The Men's Health Network is doing just that. "Engaging women in the men's health care debate has moved things forward," says Williams. "We want to tap into the passion and energy women have for health care and for the men in their lives."
In one campaign, Women Against Prostate Cancer, women talk about the impact the loss of a husband, father or other male can have emotionally, physically and financially on them and their families.
"We've never equated men's and women's well-being," he says, referencing the "women and children first" mentality of the Titanic and the way men are always the first to go off to war.
"We value men in lots of ways but not their physical well-being. We need to elevate men and make them feel more welcomed into health care, more than just penises and prostates."
After a national survey he conducted revealed very few professional men's health courses, Zoske created Gender Health, now an elective in the nursing program at Empire State College, State University of New York.
The author of Men's Health & Wellness: 50 Health Promotion Ideas for Educators, Planners and Practitioners, Zoske believes education should also include teaching young schoolboys to develop a more nurturing relationship with their bodies.

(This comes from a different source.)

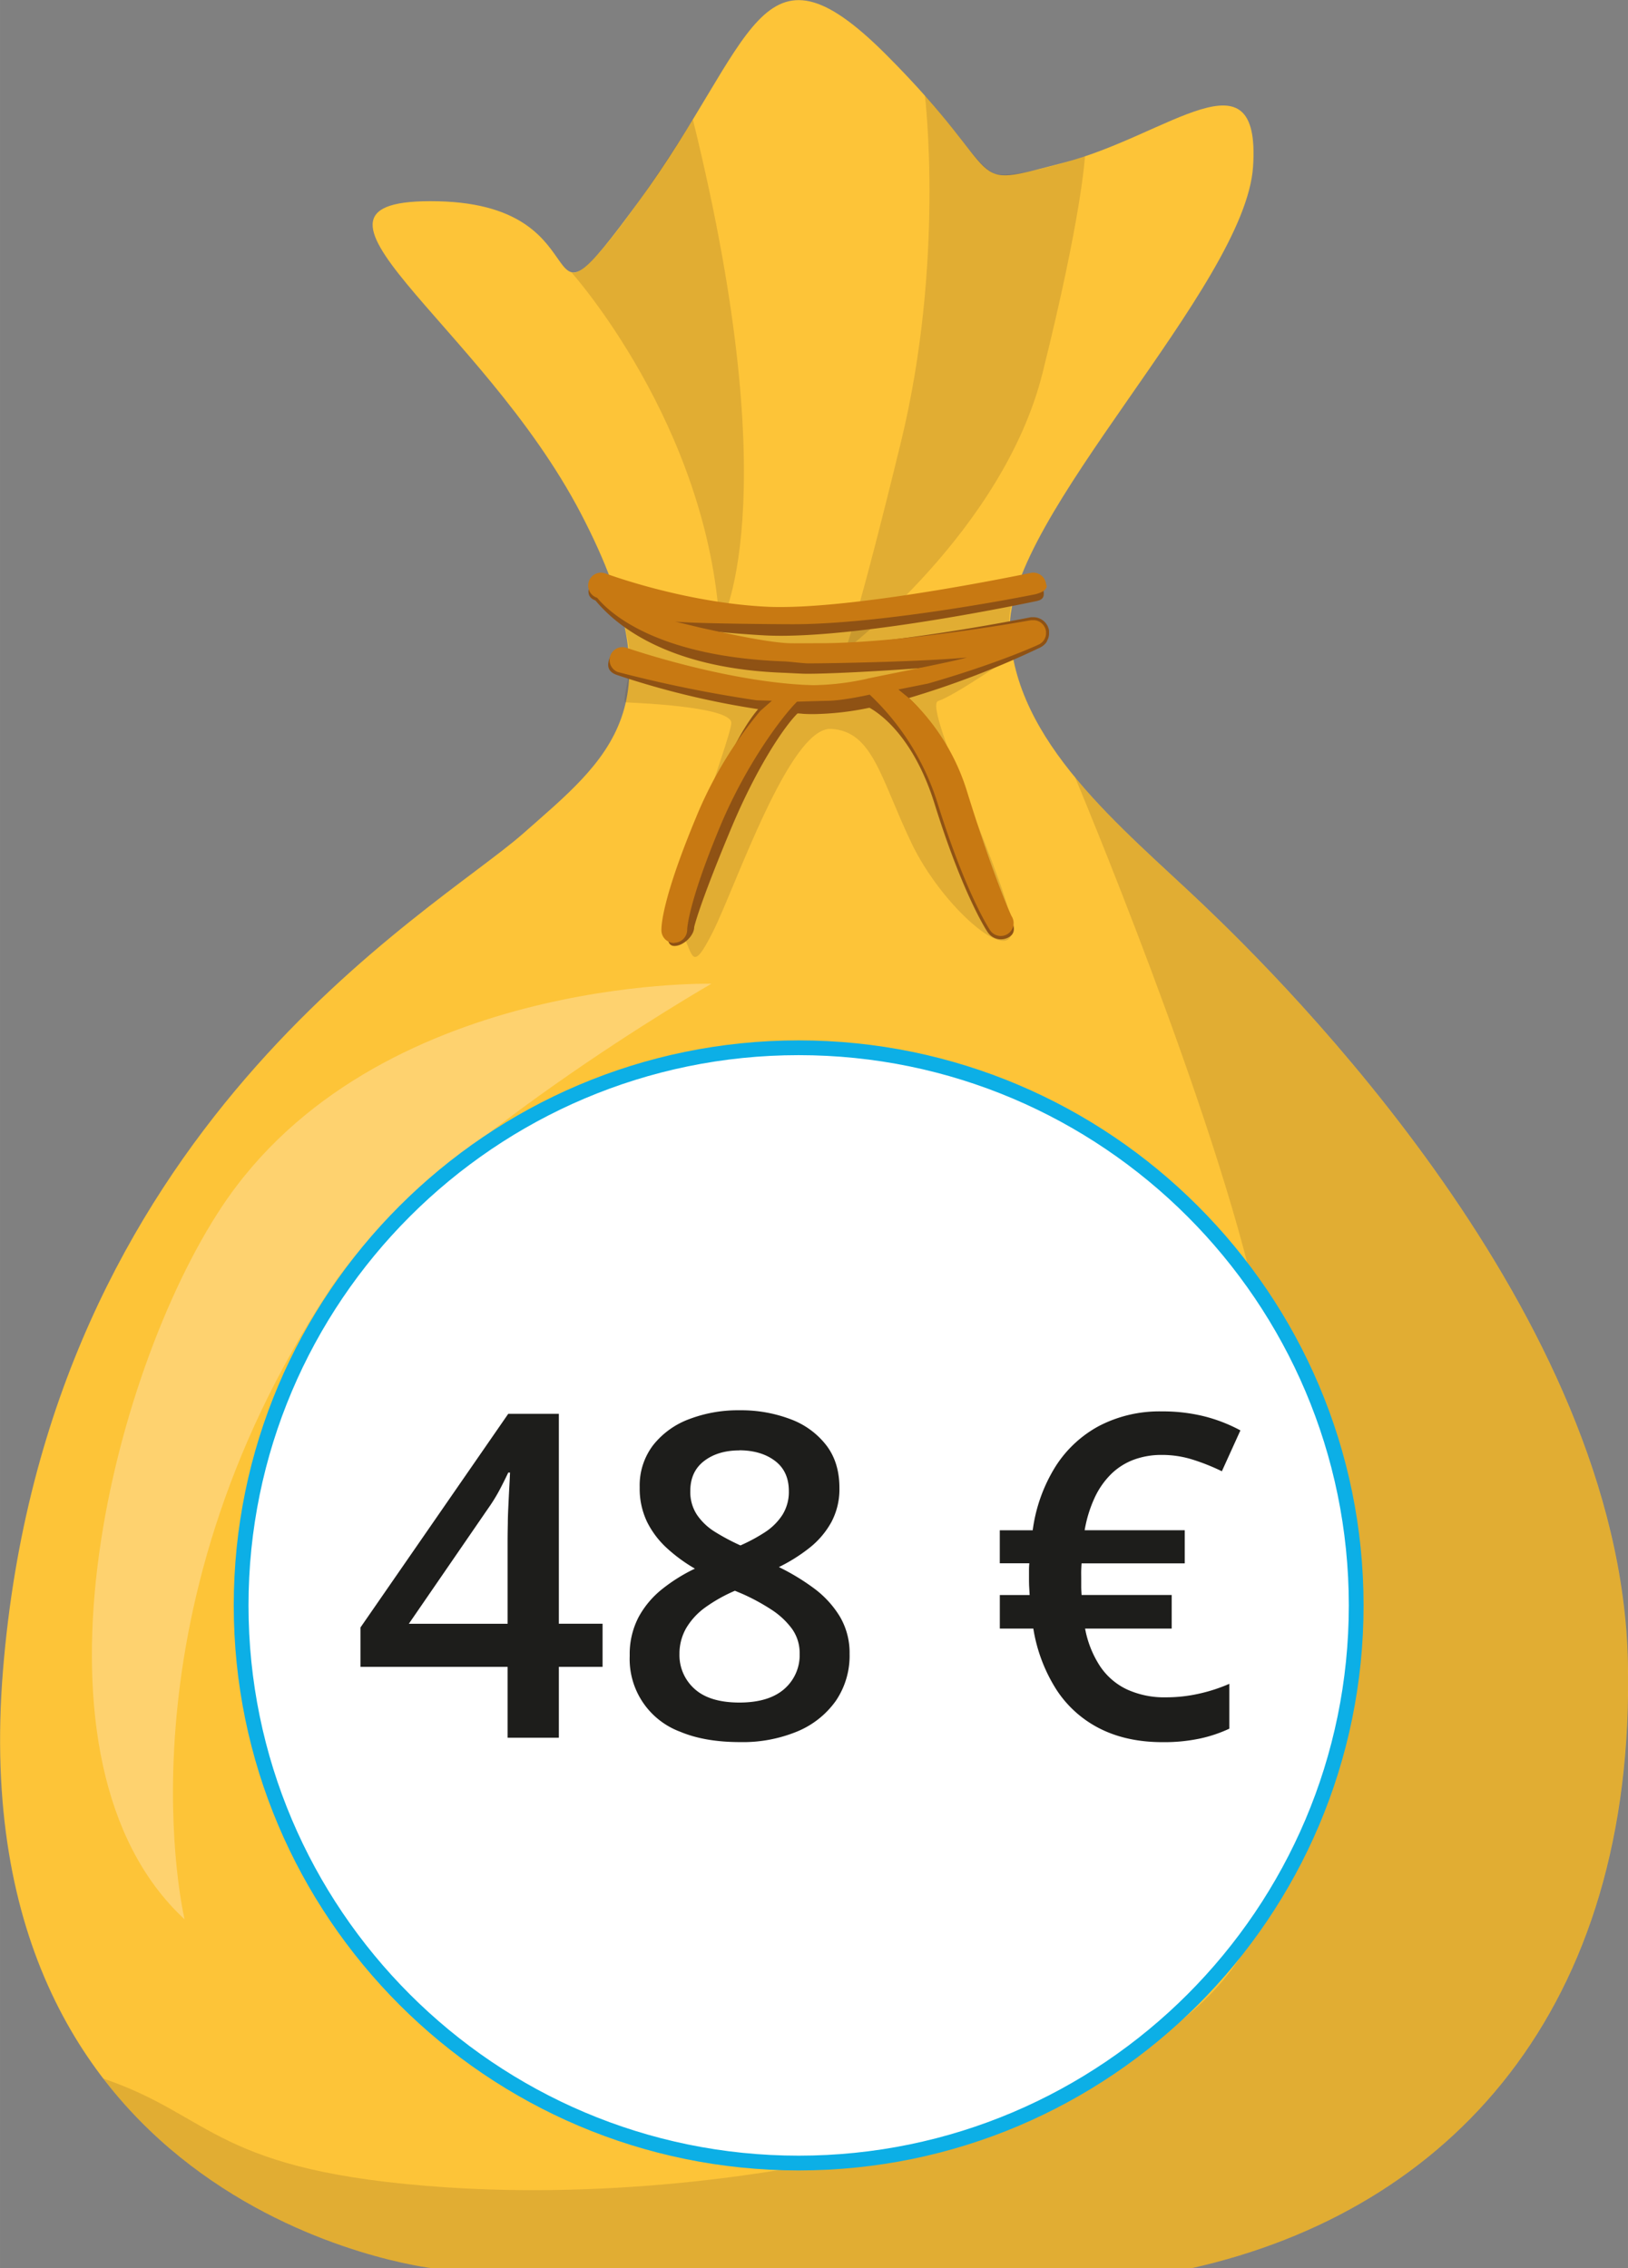 <svg xmlns="http://www.w3.org/2000/svg" width="194.5mm" height="270.93mm" viewBox="0 0 551.34 768"><rect x="0" y="0" width="551.34" height="768" fill="#808080" stroke="none"/><defs><style>.cls-1{fill:#fdc438;}.cls-2{fill:#432918;opacity:0.15;}.cls-3{fill:#8f5214;}.cls-4{fill:#c87912;}.cls-5{fill:#fed26f;}.cls-6{fill:#fff;}.cls-7{fill:#0cafe6;}.cls-8{fill:#1d1d1b;}</style></defs><g id="Слой_2" data-name="Слой 2"><g id="Слой_1-2" data-name="Слой 1"><path class="cls-1" d="M403.44,768h-257S-13.86,749.69,1,565.67,146.7,309.09,177.13,282.25c28.57-25.22,53.63-43.11,19.62-108.33S89.49,66.84,148.35,68.15s28.78,53.57,68,0,40.55-92.85,83.72-49.68S325,64.22,360.27,55.07s66.72-39.25,64.1,1.3S340.65,175.18,342,213.23s37.93,66.84,65.4,93,141.28,138.66,143.9,256.39S491.08,748.38,403.44,768Z"/><path class="cls-2" d="M209.31,202.69s4.53,16.44,4.13,21.83-2.83,13.22-1.51,13.3,35.93,1.25,35.73,7-22.22,61.37-17.5,69.43,3.54,16.52,11.21,1.38,26-69.63,40.12-68.84,16.72,16.72,27.14,38.55,33.75,41.75,34.09,29.43-30.55-75.65-25-77.42S342.89,222,342.89,222s-2.39-11-.23-17.49-61.76,6.09-61.76,6.09Z"/><path class="cls-2" d="M193.45,92.13s46.34,51.61,50.28,119.93c0,0,23.53-39.38-9.08-171.59C234.65,40.47,199.93,96.54,193.45,92.13Z"/><path class="cls-2" d="M313.23,32.33s6.81,56.08-8.14,117.45-18.88,70.38-18.88,70.38,53.5-40.35,66.87-93.91,14.35-73.33,14.35-73.33-23.09,7.73-30.21,5.93c-4.13-1.05-10.1-9.77-15.13-16C317,36.46,313.23,32.33,313.23,32.33Z"/><path class="cls-3" d="M354.69,216.8a5.11,5.11,0,0,0,.22-.48c.06-.16.12-.31.17-.47a4.37,4.37,0,0,0,.12-.52,4.46,4.46,0,0,0,.07-.51,4.35,4.35,0,0,0,0-.51,5.44,5.44,0,0,0,0-.57,2.45,2.45,0,0,0,0-.27,1.41,1.41,0,0,0-.06-.22c0-.18-.09-.36-.14-.54a4.65,4.65,0,0,0-.2-.52,2,2,0,0,0-.08-.22c0-.09-.1-.15-.14-.23a5.35,5.35,0,0,0-.29-.47l-.33-.43-.33-.35-.44-.38-.35-.25a5.39,5.39,0,0,0-.52-.3l-.4-.19-.55-.19-.45-.11-.57-.08-.45,0c-.21,0-.42,0-.63,0a1.64,1.64,0,0,0-.23,0c-.53.08-53.19,10.77-81.75,9.72-8.6-.31-22-3.88-28.45-5.25,4.64.62,15.67,1.47,20.59,1.7,1.59.08,3.27.11,5,.11,30.91,0,84.19-11.25,86.56-11.76,2.91-.62,2.65-2.22,2-5.13s-1-3.38-3.93-2.75c-.6.13-60.74,12.26-89.1,11-28.12-1.35-53.43-11.11-53.69-11.21-2.78-1-5.34-.72-6.39,2.06s-1.05,4.78,1.71,5.84c4.46,5.27,20.51,22.92,63.81,24.48,1.79.07,5.94.33,7.87.33,10.41,0,35.6-1.51,47.34-2.69-4.21,1.27-21,4.78-25.18,5.71-.34,0-1.51-.63-1.83-.53-7.24,1.54-14.94,2.94-21.05,2.63C244.42,231.88,213.3,221,213,220.85c-2.8-1-5.65-.66-6.62,2.14s-.25,4.58,2.56,5.55a284.79,284.79,0,0,0,47.8,11.57c-6.16,7.24-12.08,20.14-19.15,37.12-11.68,28-11.75,34.6-11.67,36.19.13,2.87-.38,6.87,2.48,6.87h.11c2.91-.05,6.56-3.44,6.58-6.35,0-.08,1.53-7.12,12.33-33,9.08-21.79,18.48-35.27,22.66-39.38.84,0,1.68.13,2.52.17s1.88.06,2.85.06a97.7,97.7,0,0,0,19-2.16c3.62,2,15,9.94,22.06,32.55,9.56,30.67,17.63,43,18,43.47a5.37,5.37,0,0,0,7.43,1.5c2.48-1.64,1.29-4.76-.34-7.23-.07-.12-5.78-12-14.79-40.94-5.24-16.79-12.8-26.8-19-32.64a303.83,303.83,0,0,0,44.55-17.14l.22-.13a5.29,5.29,0,0,0,.5-.32,3.68,3.68,0,0,0,.39-.3,4.51,4.51,0,0,0,.39-.37c.12-.12.23-.25.34-.38l.3-.42Z"/><path class="cls-4" d="M228.38,319.28A4.32,4.32,0,0,1,224,315.2c-.07-1.54.15-10.65,11.74-38.47a137,137,0,0,1,21.72-36l3.94-3.47-5.16-.15a437.37,437.37,0,0,1-47-9.57,4.36,4.36,0,0,1,2.87-8.23c.32.11,32.44,11.24,60.93,12.61.84,0,1.71.07,2.59.07a88.94,88.94,0,0,0,18-2.17,4.16,4.16,0,0,1,.91-.21c4.1-.9,28.46-5.62,32.92-7h0c-13.65,1.36-44.48,2-53.62,2-1.92,0-6.36-.59-8.13-.66-42.87-1.55-59-16.19-63.3-21.34l-.17-.2-.24-.09a4.35,4.35,0,0,1,1.56-8.42,4.24,4.24,0,0,1,1.54.28c.26.09,26.45,9.9,54.78,11.26,1.42.07,2.91.09,4.47.09,29.21,0,82.35-11.06,84.6-11.53a4.1,4.1,0,0,1,1-.11,4.37,4.37,0,0,1,4.24,3.46c.24,1.13.56,1.08-.08,2.06s-2.65,1.62-3.79,1.86c-2.25.48-51.07,10.14-82.08,10.09-4.4,0-34.48-.23-39.6-.91l8.92,2.16c7,1.49,21.77,4.89,29.76,5.18,1.69.06,8.15,0,10,0,28.81,0,70-7.49,71.9-7.8l.72,0,.38,0,.46.06.36.09.43.15.34.16a2.73,2.73,0,0,1,.4.23l.3.22a2.59,2.59,0,0,1,.35.31l.27.28a3.35,3.35,0,0,1,.26.34,4.73,4.73,0,0,1,.25.42l.17.32c.06.14.11.28.16.42s.12.5.12.5l.06.35a3.19,3.19,0,0,1,0,.45c0,.14,0,.28,0,.41a3,3,0,0,1-.06.42c0,.14-.06.28-.1.42s-.08.25-.13.37-.12.28-.18.41-.13.23-.21.35l-.24.35-.27.3c-.1.1-.2.2-.31.29l-.32.25a4.78,4.78,0,0,1-.42.26c-1,.54-15,6.81-37.76,13.33l-10,2,4.11,3.37a73.17,73.17,0,0,1,19.3,31.7c9.14,29.36,14.83,41.54,14.91,41.66a4.36,4.36,0,0,1-1.24,6,4.31,4.31,0,0,1-2.4.73,4.37,4.37,0,0,1-3.63-1.94c-.33-.5-8.29-12.59-17.84-43.21a85.58,85.58,0,0,0-22.94-36.57s-9.14,2.1-14.59,2.1c-.95,0-10,.29-10,.29-4.67,4.59-17.1,20.75-26.13,42.42-10.95,26.27-11.08,34.73-11.08,34.81a4.42,4.42,0,0,1-4.26,4.39Z"/><path class="cls-2" d="M407.36,306.23c-14-13.34-30.38-27.37-43.26-43h0S412,377.09,426,442.74c7.13,33.44,24.12,149.67-1.05,210.51s-166.22,94.53-273.78,87.36C72.48,735.36,72.48,716.48,35,703.79,78.29,760.2,146.39,768,146.39,768H403.44c87.64-19.62,150.43-87.65,147.82-205.38S434.83,332.39,407.36,306.23Z"/><path class="cls-5" d="M240.92,333.08S127,330.46,75.11,408.61c-37.85,57-70.28,187.76-12.59,241.26,0,0-24.65-101.75,49.3-213.4C143,389.4,240.92,333.08,240.92,333.08Z"/><circle class="cls-6" cx="270.48" cy="543.57" r="188.81"/><path class="cls-7" d="M270.48,734.88C165,734.88,79.16,649.06,79.16,543.57S165,352.26,270.48,352.26s191.31,85.82,191.31,191.31S376,734.88,270.48,734.88Zm0-377.62c-102.74,0-186.32,83.58-186.32,186.31s83.58,186.31,186.32,186.31S456.79,646.3,456.79,543.57,373.21,357.26,270.48,357.26Z"/><path class="cls-8" d="M204.07,564.37H189.26v24H171.9v-24H122.07V551.05l50.05-72.35h17.14v71.08h14.81ZM171.9,549.78V522.62q0-3.36.08-6.81c0-2.29.12-4.52.22-6.69s.2-4.16.3-5.95.17-3.32.22-4.57h-.6c-.94,2-2,4.11-3.1,6.18a58,58,0,0,1-3.7,5.94l-26.86,39.06Z"/><path class="cls-8" d="M250.54,477.5a47.14,47.14,0,0,1,17.13,3,27.31,27.31,0,0,1,12.12,8.79q4.5,5.83,4.49,14.52a23.66,23.66,0,0,1-2.73,11.56,28.87,28.87,0,0,1-7.37,8.68,57.2,57.2,0,0,1-10.4,6.54,75.37,75.37,0,0,1,11.86,7.18,33.7,33.7,0,0,1,8.75,9.51A24.07,24.07,0,0,1,287.72,560a27.1,27.1,0,0,1-4.67,15.9,30.11,30.11,0,0,1-13,10.33,48.25,48.25,0,0,1-19.38,3.62q-12,0-20.32-3.51a26.25,26.25,0,0,1-17.09-25.74,27,27,0,0,1,3-13.06,31,31,0,0,1,8.08-9.57,57.15,57.15,0,0,1,11-6.85,54.25,54.25,0,0,1-9.42-6.88,30.42,30.42,0,0,1-6.78-8.94,26,26,0,0,1-2.5-11.71,22.49,22.49,0,0,1,4.56-14.29,27.93,27.93,0,0,1,12.27-8.83A46.47,46.47,0,0,1,250.54,477.5ZM230.11,560a15.29,15.29,0,0,0,5.09,11.82q5.09,4.63,15.19,4.64,9.94,0,15.19-4.57a15.18,15.18,0,0,0,5.23-12,14.06,14.06,0,0,0-2.61-8.42,26.59,26.59,0,0,0-7.08-6.55,69.58,69.58,0,0,0-9.83-5.31l-2.4-1a52.72,52.72,0,0,0-10,5.61,23.32,23.32,0,0,0-6.48,7A17.32,17.32,0,0,0,230.11,560Zm20.28-68.91q-7.26,0-11.94,3.59t-4.67,10.17a14,14,0,0,0,2.28,8.08,20.26,20.26,0,0,0,6.17,5.8,73.34,73.34,0,0,0,8.53,4.53,57.93,57.93,0,0,0,8.27-4.45,20,20,0,0,0,5.91-5.84,14.6,14.6,0,0,0,2.21-8.12q0-6.66-4.68-10.21T250.39,491.05Z"/><path class="cls-8" d="M393.52,477.88a58.17,58.17,0,0,1,14.07,1.61,53.35,53.35,0,0,1,12.49,4.82l-6.28,13.84a70.76,70.76,0,0,0-9.8-3.92,34.39,34.39,0,0,0-10.48-1.61,26.9,26.9,0,0,0-9.54,1.61,21.92,21.92,0,0,0-7.63,4.82,27.43,27.43,0,0,0-5.61,8,43.51,43.51,0,0,0-3.41,11.07h33.9v11.22H366.29c-.05.7-.09,1.48-.12,2.32s0,1.78,0,2.77,0,1.82,0,2.77.07,1.9.12,2.84h30.52v11.38H367.48a34.71,34.71,0,0,0,5,12.64,22.53,22.53,0,0,0,9.12,7.93,30.3,30.3,0,0,0,13.25,2.7,50.39,50.39,0,0,0,11.41-1.28,55.2,55.2,0,0,0,10.06-3.29v15.19a46.85,46.85,0,0,1-9.91,3.33,58.55,58.55,0,0,1-12.68,1.23q-12.06,0-21.1-4.52a37.81,37.81,0,0,1-14.78-13.13,54.31,54.31,0,0,1-7.9-20.8H338.6V540.05h10.1c-.05-.89-.1-1.78-.15-2.65s-.07-1.86-.07-3c0-.89,0-1.82,0-2.77s.06-1.72.11-2.32h-10V518.13h11.15a54,54,0,0,1,7.67-21.51,39.71,39.71,0,0,1,14.93-13.88A44.36,44.36,0,0,1,393.52,477.88Z"/></g></g></svg>

"Health care in lots of ways is very feminine," he says. "Women pay attention to their bodies. When they have a concern, they go to the doctor and get it resolved. Men don't do that. That's the opposite to the male way of thinking."
To deliver its message where people "live, work, play and pray," the Men's Health Network presents workplace programs for men and women, while Healthy Sundays introduces a faith-based dimension to the health and wellness debate.
The network has also embraced the appeal of sports and entertainment, most famously holding free health screenings and information sessions inside the Washington Redskins' locker room.
The chance to tread the same turf as NFL players has proved a big draw, says Williams — during one five-hour clinic, health professionals saw more than 700 veterans and their families.
The use of sports celebrities and major sporting venues is a model the network hopes to take on the road. "We've seen this work with the Redskins, and we know the interest is there," says Williams. "It depends on resources, but that's the dream."